Il governo di Giorgia Meloni mostra sempre più la sua anima corporativa, volta a dividere il paese secondo lo schema degli interessi specifici delle singole categorie. Una scelta che cozza con l’esigenza di affrontare problemi attuali, come l’ambiente, la salute pubblica, la sicurezza, le migrazioni, l’ordine internazionale e tutti quei fenomeni che travalicano gli interessi specifici e necessitano di una visione globale e super partes.

L’ultimo esempio della visione corporativa è la delega fiscale che, al di là del merito di ogni singola soluzione, si caratterizza per la scelta di attribuire un regime fiscale diverso per ogni categoria di reddito, come ha sottolineato di recente Giuseppe Pisauro su questo giornale.

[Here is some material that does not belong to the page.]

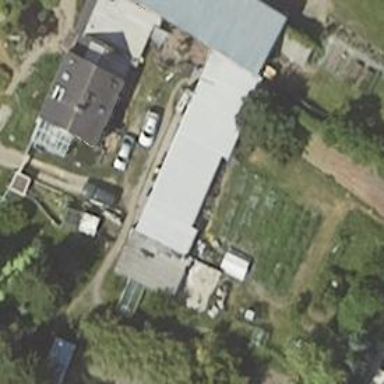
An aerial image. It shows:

È così che abbiamo la flat tax per i lavoratori autonomi, un’imposta progressiva per i lavoratori dipendenti e per i pensionati con la promessa di arrivare anche per loro a una flat tax presumibilmente diversa da quella degli autonomi, un’imposta specifica per i possessori di immobili, un’altra per i redditi finanziari, un sistema di concordato fiscale con predeterminazione dell’imposta da pagare per le piccole e medie aziende, un’imposta soggetta ad agevolazioni (se si aumenta l’occupazione e/o se si acquistano nuovi macchinari) per i redditi delle società ed enti sottoposti all’Ires.

Divisi per corporazioni

Poi si annuncia la fine prossima dell’Irap ma cominciando a eliminarla per i professionisti, l’introduzione di un’Iva zero per alcuni prodotti (pane, pasta, latte), nonché uno sfoltimento delle deduzioni e detrazioni fiscali alle quali, comunque, è riservato il compito di realizzare una qualche progressività che verrà così gestita dalle categorie di interessi che presidiano singole spese delle famiglie (sanità, trasporti, cultura, sport, ecc.).

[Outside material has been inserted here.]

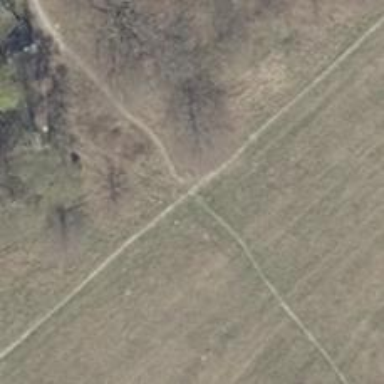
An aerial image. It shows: Dirt path.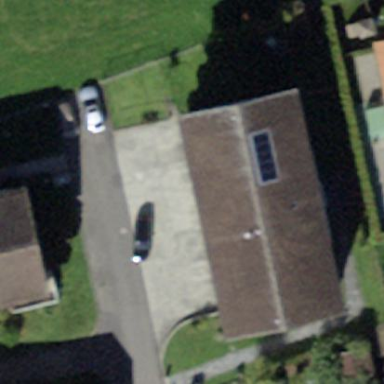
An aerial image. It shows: Simple and straightforward house.

Per tutte le categorie di reddito si annunciano riduzioni delle imposte e questo non poteva che determinare un generale plauso delle diverse categorie, a parte i sindacati dei lavoratori che sono (giustamente) preoccupati delle inevitabili riduzioni delle entrate fiscali a cui finirebbero per corrispondere riduzioni, altrettanto inevitabili, nelle spese per i servizi essenziali come l’istruzione, la sanità e quant’altro.

Oltre al fatto di non gradire la preferenza fiscale a favore dei lavoratori autonomi rispetto ai lavoratori dipendenti. Al di là delle singole soluzioni previste che hanno una loro coerenza e che portano anche a semplificazioni utili, la delega fiscale fa una scelta precisa di avviare dialoghi separatamente con ogni categoria a cui concedere più o meno vantaggi.

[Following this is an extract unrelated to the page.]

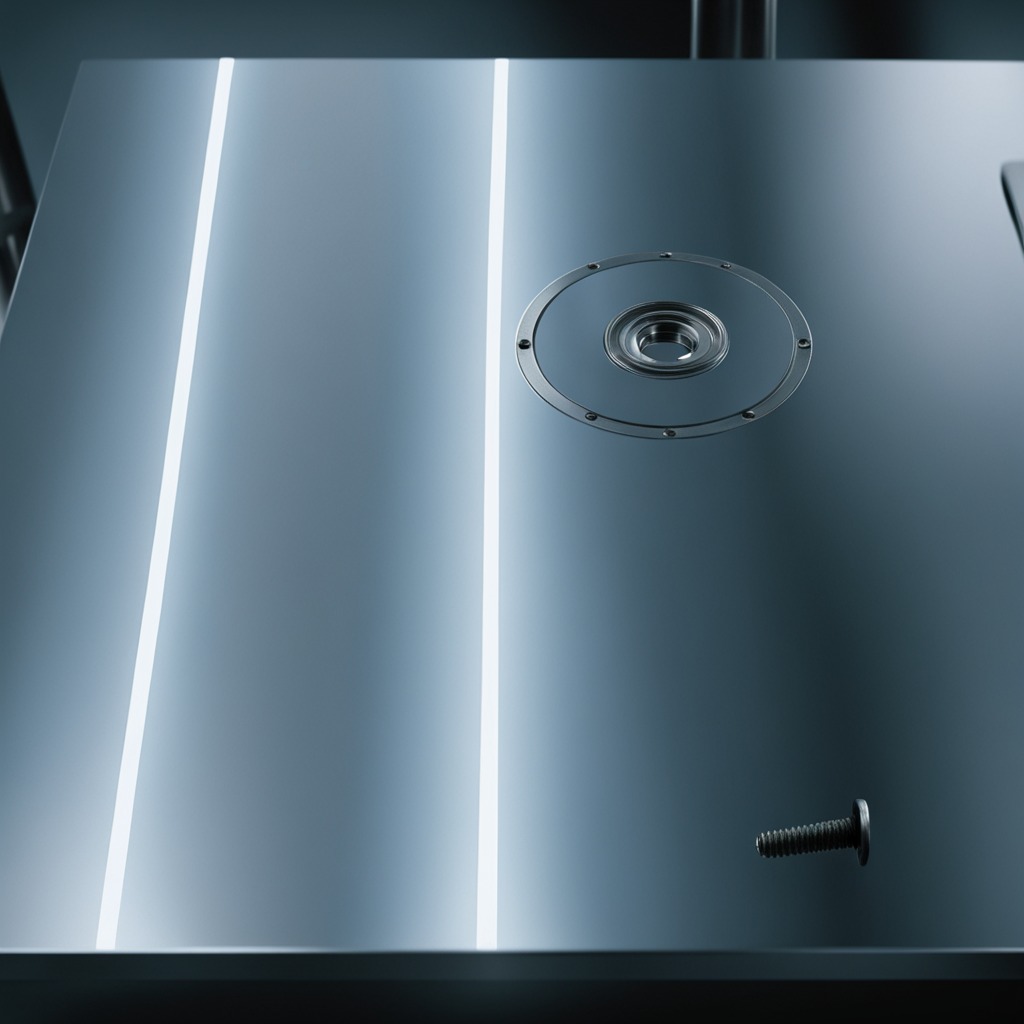
A metal screw is lying on the metal table in the machine shop under fluorescent lights.

Una scelta che divide il paese e che lo spinge a organizzarsi per corporazioni al fine di ottenere ascolto ai propri interessi. A sua volta, la ricerca del consenso delle corporazioni diviene sempre più uno strumento della politica per cercare vantaggi elettorali, a scapito dell’interesse generale che presupporrebbe una visione unitaria del paese e il superamento degli interessi particolari.